● **Work to be completed**: Looking at the records below, please say how many lines contain the word "グループ", as a bare number.

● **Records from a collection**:
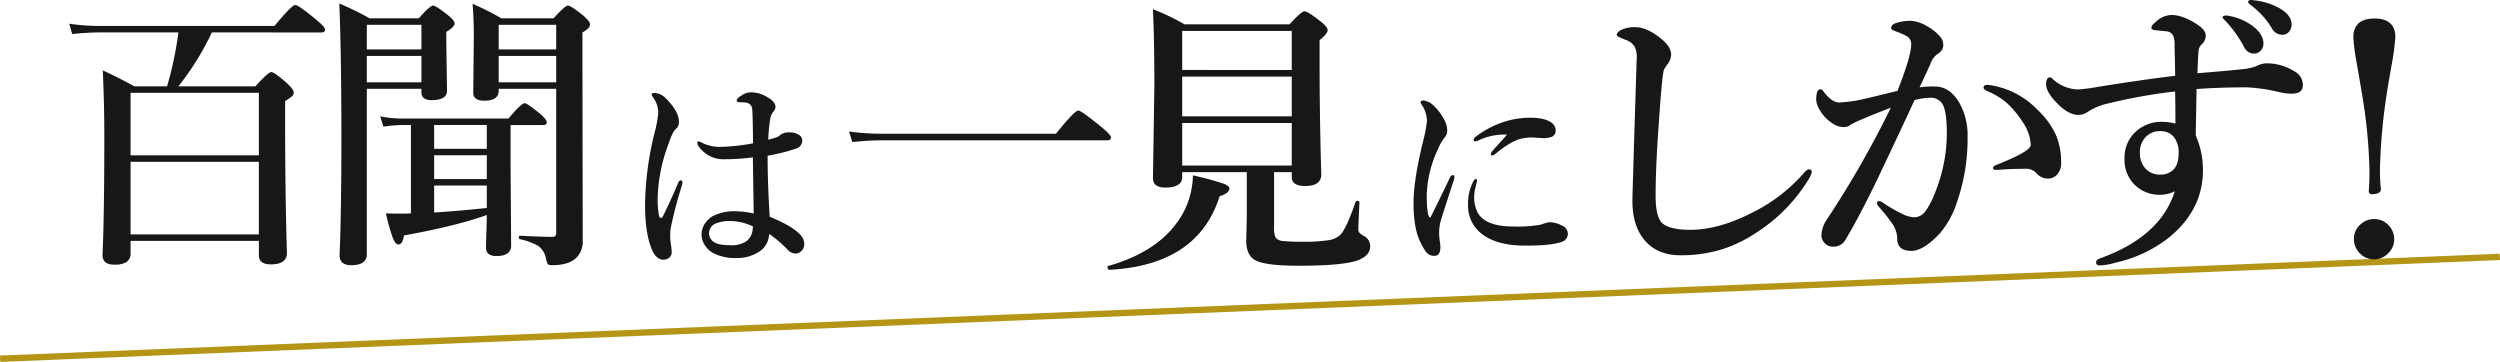 <svg xmlns="http://www.w3.org/2000/svg" width="785.963" height="113.773" viewBox="0 0 785.963 113.773">
  <g id="グループ_77228" data-name="グループ 77228" transform="translate(-542.459 -35467.928)">
    <line id="線_314" data-name="線 314" y1="32.017" x2="785.882" transform="translate(542.5 35548.688)" fill="none" stroke="#b49516" stroke-width="2"/>
    <g id="グループ_77227" data-name="グループ 77227" transform="translate(559.479 35457)">
      <path id="パス_144172" data-name="パス 144172" d="M48.385-12.137q6.87,2.748,9.585,5.594a4.338,4.338,0,0,1,1.276,3.01,2.86,2.86,0,0,1-1.014,2.257,2.577,2.577,0,0,1-1.8.687A3.487,3.487,0,0,1,54.012-1.8a35.029,35.029,0,0,0-5.823-4.973A6.746,6.746,0,0,1,44.917-1.08a12.526,12.526,0,0,1-7.1,1.9A14.957,14.957,0,0,1,30.654-.72a7.188,7.188,0,0,1-2.748-2.617,6.184,6.184,0,0,1-.949-3.239,6.232,6.232,0,0,1,1.243-3.7,7.492,7.492,0,0,1,2.159-2,14.489,14.489,0,0,1,7.328-1.6,27.757,27.757,0,0,1,5.66.687l-.262-17.633a69.239,69.239,0,0,1-9.029.589,9.647,9.647,0,0,1-4.547-1.014,9.948,9.948,0,0,1-3.435-3.01,2.2,2.2,0,0,1-.458-1.08q0-.523.393-.523a4.842,4.842,0,0,1,1.276.523,12.119,12.119,0,0,0,5.758,1.21,63.836,63.836,0,0,0,10.109-1.112q-.1-9.127-.262-10.6a2.223,2.223,0,0,0-2.126-2.225,12.423,12.423,0,0,0-1.407-.065l-.818-.065a.463.463,0,0,1-.523-.523q0-.654,1.668-1.668a4.94,4.94,0,0,1,2.748-.883,9.651,9.651,0,0,1,4.678,1.21q3.075,1.636,3.075,3.271a2.08,2.08,0,0,1-.589,1.538,4.724,4.724,0,0,0-1.08,2.552,48.95,48.95,0,0,0-.589,6.314q.785-.164,2.454-.687a4.255,4.255,0,0,0,1.407-.851,4.192,4.192,0,0,1,2.617-.752,5.365,5.365,0,0,1,3.4.916,2.074,2.074,0,0,1,.818,1.636,2.673,2.673,0,0,1-2,2.552,58.017,58.017,0,0,1-8.9,2.225Q47.731-22.442,48.385-12.137Zm-5.3,3.01a16.647,16.647,0,0,0-6.87-1.668,11.156,11.156,0,0,0-4.776.752,3.314,3.314,0,0,0-2.126,3.01,3.319,3.319,0,0,0,1.734,2.944q1.439.883,5.038.883A8.265,8.265,0,0,0,41.09-4.482a5.262,5.262,0,0,0,1.8-2.813A8.721,8.721,0,0,0,43.085-9.127ZM20.97-22.933a9.577,9.577,0,0,1-.262,1.21A122.609,122.609,0,0,0,17.241-8.44a14.11,14.11,0,0,0-.131,1.93v.949a8.227,8.227,0,0,0,.1,1.112q.065.72.1.981a13.924,13.924,0,0,1,.262,2.519A2.113,2.113,0,0,1,16.832.671a2.6,2.6,0,0,1-1.816.671q-2.257,0-3.6-3.01-2.225-5.169-2.225-14.3a97.919,97.919,0,0,1,3.075-22.9,34.738,34.738,0,0,0,1.08-6.052,8.292,8.292,0,0,0-1.57-4.678,2.9,2.9,0,0,1-.523-1.08q0-.393,1.08-.393A5.344,5.344,0,0,1,15.9-49.2q3.958,3.991,3.958,7.328a2.822,2.822,0,0,1-1.014,2.159q-1.014.851-2.257,4.613A51.491,51.491,0,0,0,13.151-17.8a25.941,25.941,0,0,0,.458,5.431q.164.589.622.589a.59.59,0,0,0,.523-.393q2.617-5.3,4.809-10.534.393-.949.883-.883A.592.592,0,0,1,20.97-22.933Z" transform="translate(176.581 91.226)" fill="#171717"/>
      <path id="パス_144173" data-name="パス 144173" d="M49.584-65.881A86.322,86.322,0,0,1,39.068-48.933H63.273q4.042-4.476,5-4.476,1,0,5,3.563,2.042,1.956,2.042,2.781a1.616,1.616,0,0,1-.456,1.2,14.735,14.735,0,0,1-2.238,1.543V-36.5q0,20.686.565,39.98,0,3.563-5.084,3.563-3.737,0-3.737-2.868V-.348H24.032V3.39a3.192,3.192,0,0,1-1.391,3,7.351,7.351,0,0,1-3.781.739q-3.65,0-3.65-3.042.565-12.3.565-37.547,0-9.778-.478-20.468,4.563,2.042,9.908,5H35.5a110.5,110.5,0,0,0,3.563-16.948H13.906a82.145,82.145,0,0,0-8.213.521l-.956-3.259a68.028,68.028,0,0,0,9.343.7h55.19q5.476-6.605,6.562-6.605.913,0,6.475,4.563,2.868,2.347,2.868,3.172,0,.913-1.13.913ZM64.36-2.39V-25.205H24.032V-2.39Zm0-24.857V-46.89H24.032v19.643Zm75.4-20.9v.608q0,3.129-4.563,3.129-3.433,0-3.433-2.564l.174-17.644q0-5.606-.391-10.256a85.527,85.527,0,0,1,9.083,4.563h16.383q3.607-4,4.52-4,.956,0,4.911,3.216,2.042,1.782,2.042,2.651,0,1.26-2.39,2.564V-55.1l.087,54.582A7.194,7.194,0,0,1,164.142,5q-2.347,2.3-7.648,2.3-1.086,0-1.347-.435a7.569,7.569,0,0,1-.521-1.608,6.427,6.427,0,0,0-2.39-4,19.866,19.866,0,0,0-5.823-2.129q-.3-.087-.3-.608,0-.478.3-.478,6.953.348,10.343.348,1.086,0,1.086-1.26V-48.15Zm18.078-12.385v-7.735H139.763v7.735Zm-18.078,2.042v8.3h18.078v-8.3ZM98.305-48.15V3.824q0,3.477-4.911,3.477-3.65,0-3.65-3.129.565-13.906.565-37.112,0-25.64-.652-42.023a94.963,94.963,0,0,1,9.517,4.65h15.471q3.52-4,4.476-4,.913,0,4.824,3.129,1.956,1.564,1.956,2.477,0,1.086-2.607,2.651v3.129l.217,15.384q0,2.955-4.824,2.955-3.216,0-3.216-2.477V-48.15Zm17.166-12.385v-7.735H98.305v7.735ZM98.305-58.493v8.3h17.166v-8.3ZM112.168-9V-36.765h-2.694a43.145,43.145,0,0,0-5.954.521l-1-3.259a34.644,34.644,0,0,0,6.605.7h33.723q4-4.824,5.084-4.824.826,0,4.911,3.39,2.042,1.782,2.042,2.607,0,.869-1.173.869H143.5V-23.6l.174,24.727q0,3.3-4.65,3.3-3.259,0-3.259-2.738,0-.13.087-3.65.13-3.259.174-6.519-9.517,3.433-26.031,6.432Q109.56.782,108.213.782q-.956,0-1.869-2.39A70.913,70.913,0,0,1,104.3-9q2.173.087,4.3.087Q110.908-8.909,112.168-9Zm7.3-27.769v7.475h16.557v-7.475Zm0,9.517v7.475h16.557v-7.475Zm0,9.517v8.474q9.169-.608,16.557-1.434v-7.04Z" transform="translate(0 87)" fill="#171717"/>
      <path id="パス_144174" data-name="パス 144174" d="M86.779-34.836q0,.889-1.155.889H14.263q-3.51,0-8.8.533L4.443-36.747a70.13,70.13,0,0,0,9.642.711H69.494q5.865-7.287,7.021-7.287.933,0,7.065,5.021Q86.779-35.725,86.779-34.836ZM138.064-23.95v17.2a8.114,8.114,0,0,0,.4,3.2,2.977,2.977,0,0,0,2.355,1.244,49.579,49.579,0,0,0,6,.222,47.928,47.928,0,0,0,8.709-.533,6.4,6.4,0,0,0,3.466-1.733q1.866-2.044,4.71-10.309a.537.537,0,0,1,.533-.267q.667,0,.667.444-.355,7.2-.355,8.665,0,.978,1.555,1.822a3.65,3.65,0,0,1,2.177,3.377q0,2.977-4.088,4.443-4.8,1.644-18.307,1.644-10.753,0-13.819-1.777-2.755-1.6-2.755-6.132l.178-7.6V-23.95H109.182v1.555q0,3.288-5.376,3.288-3.821,0-3.821-3.021l.444-29.015q0-14.085-.444-24.039a73.849,73.849,0,0,1,9.909,4.754h33.014q3.777-4.088,4.71-4.088,1.066,0,5.2,3.288,2.088,1.688,2.088,2.622,0,1.111-2.533,3.155v6.932q0,17.063.533,35.28,0,3.644-5.021,3.644-4.266,0-4.266-2.8V-23.95Zm5.554-2.088V-39.413H109.182v13.375Zm0-15.463V-53.987H109.182V-41.5Zm0-14.574V-68.339H109.182v12.264Zm-19.6,37.235q0,1.511-3.066,2.444-6.8,21.639-34.614,23.15-.622,0-.622-.889,0-.267.178-.311,17.418-4.932,23.861-17.2a26.46,26.46,0,0,0,2.8-11.286,92.693,92.693,0,0,1,9.687,2.622Q124.023-19.6,124.023-18.84Z" transform="translate(245.467 89)" fill="#171717"/>
      <path id="パス_144175" data-name="パス 144175" d="M39.585-37.982a18.826,18.826,0,0,0-8.506,1.6,4.184,4.184,0,0,1-1.407.523.52.52,0,0,1-.589-.589q0-.425.818-1.014a31.187,31.187,0,0,1,8.342-4.417,27.139,27.139,0,0,1,8.637-1.407q4.449,0,6.51,1.439a3.017,3.017,0,0,1,1.472,2.486,2.062,2.062,0,0,1-1.112,2.028,7.1,7.1,0,0,1-2.977.458l-3.141-.2a14.845,14.845,0,0,0-3.958.458q-3.141.883-7.852,4.776a1.482,1.482,0,0,1-.883.393.4.4,0,0,1-.458-.458,1.613,1.613,0,0,1,.458-.883q.589-.687,2.094-2.355Q38.6-36.837,39.585-37.982ZM30.13-23.358A4.63,4.63,0,0,1,30-22.8q-.131.523-.2.916a12.374,12.374,0,0,0-.556,3.533,10.727,10.727,0,0,0,.818,4.286q2.094,4.973,11.45,4.973a41.6,41.6,0,0,0,8.735-.589A10.438,10.438,0,0,1,53-10.436a8.858,8.858,0,0,1,3.893,1.08A2.767,2.767,0,0,1,58.69-6.8,2.6,2.6,0,0,1,56.629-4.22Q53.489-3.075,45.343-3.075q-9.16,0-13.871-3.828A11.04,11.04,0,0,1,27.317-16a14.845,14.845,0,0,1,1.668-7.3q.425-.752.752-.752Q30.13-24.045,30.13-23.358Zm-7.23-.491q-3.893,11.908-4.286,13.413a15.785,15.785,0,0,0-.393,3.729q0,.262.2,2.225a8.955,8.955,0,0,1,.2,1.6q.1,3.01-1.865,3.01a3.051,3.051,0,0,1-2.355-.883,15.648,15.648,0,0,1-2-3.271q-2.225-4.318-2.225-12.53,0-6.87,2.879-18.811A48.816,48.816,0,0,0,14.395-42.2a9.512,9.512,0,0,0-1.734-5.3,1.3,1.3,0,0,1-.262-.687q0-.523.949-.523a5.508,5.508,0,0,1,3.206,1.668,16.4,16.4,0,0,1,3.075,4.024,7.519,7.519,0,0,1,1.145,3.7,3.17,3.17,0,0,1-.949,2.388,17.839,17.839,0,0,0-2.061,3.7,36.477,36.477,0,0,0-3.435,14.329q0,5.463.752,6.772a.3.3,0,0,0,.262.2.3.3,0,0,0,.262-.2q.883-1.668,6.02-12.333.36-.785.949-.785.458,0,.458.687A2.526,2.526,0,0,1,22.9-23.849Z" transform="translate(417.196 91.226)" fill="#171717"/>
      <path id="パス_144176" data-name="パス 144176" d="M35.547-57.675a13.261,13.261,0,0,0-.978,1.511q-.622,2.088-1.555,16.041-1.066,14.352-1.066,23.55,0,6.709,2.088,8.665,2.4,2.088,8.753,2.088,9.153,0,19.817-5.554A51.665,51.665,0,0,0,78.514-23.639q1.022-1.2,1.644-1.2.889,0,.889.933a7.747,7.747,0,0,1-1.2,2.533A52.12,52.12,0,0,1,64.029-5.2,44.112,44.112,0,0,1,53.231.178a43.226,43.226,0,0,1-13.463,2q-7.554,0-11.553-5.065-3.555-4.488-3.555-11.953v-.711q.222-8.4.711-23.994.444-13.819.622-20a7.2,7.2,0,0,0-.711-4,5.559,5.559,0,0,0-2.755-2q-2.8-1.022-2.8-1.555,0-.844,1.555-1.644a10.1,10.1,0,0,1,4.177-.8q4,0,8.753,4.088,2.622,2.266,2.622,4.666A5.431,5.431,0,0,1,35.547-57.675ZM148.78-25.016q-3.377,0-7.021.178-2.088.178-2.71.178-1.022,0-1.022-.622,0-.489.8-.844,11.064-4.354,11.064-6.354a14,14,0,0,0-2.71-7.465,29.072,29.072,0,0,0-4.843-5.776,22.729,22.729,0,0,0-5.643-3.51q-1.644-.667-1.644-1.289,0-.889,1.377-.889l.622.089A26.106,26.106,0,0,1,151.8-43.767a25.5,25.5,0,0,1,6.043,8.22,21.806,21.806,0,0,1,1.6,8.576,5.223,5.223,0,0,1-1.466,4,3.924,3.924,0,0,1-2.355,1.022h-.4a4.405,4.405,0,0,1-3.333-1.466A4.66,4.66,0,0,0,148.78-25.016ZM114.921-50.61a29.738,29.738,0,0,1,4.754-.267q4.754,0,7.731,5.065a20.659,20.659,0,0,1,2.622,10.753A60.586,60.586,0,0,1,126.652-14.4a28.211,28.211,0,0,1-5.376,9.731Q116.121.8,112.389.8q-4.621,0-4.488-4.088a8.392,8.392,0,0,0-1.822-4.843,56.244,56.244,0,0,0-3.91-4.888,2.229,2.229,0,0,1-.622-1.111.628.628,0,0,1,.711-.711,2.167,2.167,0,0,1,1.2.533,51.35,51.35,0,0,0,6.176,3.555,9.419,9.419,0,0,0,3.466.978,4.175,4.175,0,0,0,3.466-1.644q2.488-3.11,4.754-10.353A49.349,49.349,0,0,0,123.5-36.213q0-6.8-1.333-9.109a4.275,4.275,0,0,0-4.043-2,19.459,19.459,0,0,0-4.754.711q-1.377,2.977-4.266,9.153-6.043,12.886-8.531,18Q95.5-9.109,91.549-2.533a4.293,4.293,0,0,1-4,2,3.373,3.373,0,0,1-2.533-1.2,3.6,3.6,0,0,1-.933-2.444,9.374,9.374,0,0,1,1.733-4.932,310.408,310.408,0,0,0,20.084-35.1q-6.354,2.444-9.909,4a28.338,28.338,0,0,0-2.622,1.289,3.288,3.288,0,0,1-2.355.8q-2.4,0-5.11-2.444a11.751,11.751,0,0,1-2.533-3.244,6.5,6.5,0,0,1-.933-2.933q0-3.288,1.377-3.288.489,0,1.155,1.022,2.488,3.155,4.666,3.155a42.427,42.427,0,0,0,7.82-1.111q.355-.044,10.531-2.533,4.31-10.931,4.31-14.574a2.8,2.8,0,0,0-1.377-2.622,26.229,26.229,0,0,0-3.555-1.555q-1.377-.533-1.377-.933,0-1.155,1.555-1.644a14.229,14.229,0,0,1,4.443-.711,11.212,11.212,0,0,1,5.288,1.688,15.182,15.182,0,0,1,4.31,3.51,3.984,3.984,0,0,1,.8,2.533q0,1.644-2.088,2.933a6.193,6.193,0,0,0-1.911,2.8q-.444,1.066-1.644,3.6T114.921-50.61Zm97.192-22.483a17.916,17.916,0,0,1,7.554,3.2q3.377,2.622,3.377,5.465a3.257,3.257,0,0,1-.844,2.266,2.8,2.8,0,0,1-2.177.933,3.452,3.452,0,0,1-3.066-2.088,38.146,38.146,0,0,0-5.732-8.042q-1.022-1.022-1.022-1.2a.533.533,0,0,1,.444-.533,2.981,2.981,0,0,1,.8-.089A1.683,1.683,0,0,1,212.114-73.093Zm7.82-4.888a20.227,20.227,0,0,1,8.665,2.8q3.288,2.133,3.288,4.666a3.577,3.577,0,0,1-.933,2.577,2.608,2.608,0,0,1-1.911.8,3.713,3.713,0,0,1-3.333-2,24.814,24.814,0,0,0-6.354-7.109q-1.111-.844-1.111-1.111a.582.582,0,0,1,.267-.578,1.6,1.6,0,0,1,.711-.133A5.453,5.453,0,0,1,219.934-77.981Zm-17.64,22.928q9.509-.755,14.308-1.289a15.928,15.928,0,0,0,4.088-.889,8.068,8.068,0,0,1,3.021-.933,16.52,16.52,0,0,1,9.109,2.533,4.9,4.9,0,0,1,2.622,4.266q0,2.577-2.933,2.71a4.718,4.718,0,0,1-.667.044,18.537,18.537,0,0,1-3.777-.489,54.359,54.359,0,0,0-10.22-1.511q-8.709,0-15.818.533-.267,13.952-.267,14.574a27.065,27.065,0,0,1,2.266,10.931q0,12.619-10.931,21.373a41.5,41.5,0,0,1-16.307,7.643,22.1,22.1,0,0,1-5.065.933q-1.289,0-1.289-.933,0-.844,1.111-1.244,19.106-6.8,23.639-21.15A10.26,10.26,0,0,1,190.3-16.84h-.444a11.1,11.1,0,0,1-6.576-2.488,10.91,10.91,0,0,1-3.91-8.8,10.939,10.939,0,0,1,3.821-8.8,11.661,11.661,0,0,1,7.554-2.844,19.373,19.373,0,0,1,4.621.533V-42.3q0-2.533-.089-7.021a173.511,173.511,0,0,0-21.995,4,18.759,18.759,0,0,0-5.376,2.355,5.362,5.362,0,0,1-3.021,1.022q-2.755,0-5.821-2.8-4.354-4.088-4.354-6.843a3.507,3.507,0,0,1,.267-1.466,1,1,0,0,1,.933-.711,1.226,1.226,0,0,1,.8.444,12.2,12.2,0,0,0,8,3.377,60.227,60.227,0,0,0,6.487-.844q11.6-1.911,24.083-3.466,0-2.177-.178-9.287a8.641,8.641,0,0,0-.355-3.155A2.663,2.663,0,0,0,192.3-68.25l-3.466-.355q-1.022-.178-1.022-.755,0-.755,1.466-1.911a7.47,7.47,0,0,1,4.8-2.088q3.688,0,8.22,3.021,2.622,1.733,2.622,3.51a3.841,3.841,0,0,1-1.244,2.666,3.143,3.143,0,0,0-1.022,1.911Q202.427-59.319,202.294-55.053ZM190.652-36.835A6.129,6.129,0,0,0,186.12-35.1a6.732,6.732,0,0,0-1.911,4.977,7.087,7.087,0,0,0,1.644,4.932,6.015,6.015,0,0,0,4.8,2,5.527,5.527,0,0,0,4.088-1.555q1.644-1.644,1.644-5.288a7.754,7.754,0,0,0-1.377-4.8A5.2,5.2,0,0,0,190.652-36.835Z" transform="translate(471.529 89)" fill="#171717"/>
      <path id="パス_144177" data-name="パス 144177" d="M45.5-72.249q6.532,0,6.532,5.91a73.708,73.708,0,0,1-1.244,9.064q-1.333,7.687-1.688,10.22a180.5,180.5,0,0,0-1.911,22.483,49.836,49.836,0,0,0,.311,5.91q0,1.644-2.933,1.644-.889,0-.889-1.111.222-2.4.222-5.91a160.323,160.323,0,0,0-2-22.35q-.089-.755-2-11.819a62.85,62.85,0,0,1-1.066-8.131Q38.835-72.249,45.5-72.249ZM45.411-9.2a6.038,6.038,0,0,1,4.621,2.088,6.109,6.109,0,0,1,1.644,4.221,6.03,6.03,0,0,1-2.133,4.666,5.916,5.916,0,0,1-4.132,1.688,6.123,6.123,0,0,1-4.754-2.133,6.109,6.109,0,0,1-1.644-4.221A6,6,0,0,1,41.1-7.554,6.22,6.22,0,0,1,45.411-9.2Z" transform="translate(684.008 89)" fill="#171717"/>
    </g>
  </g>
</svg>

● **Your solution**: 2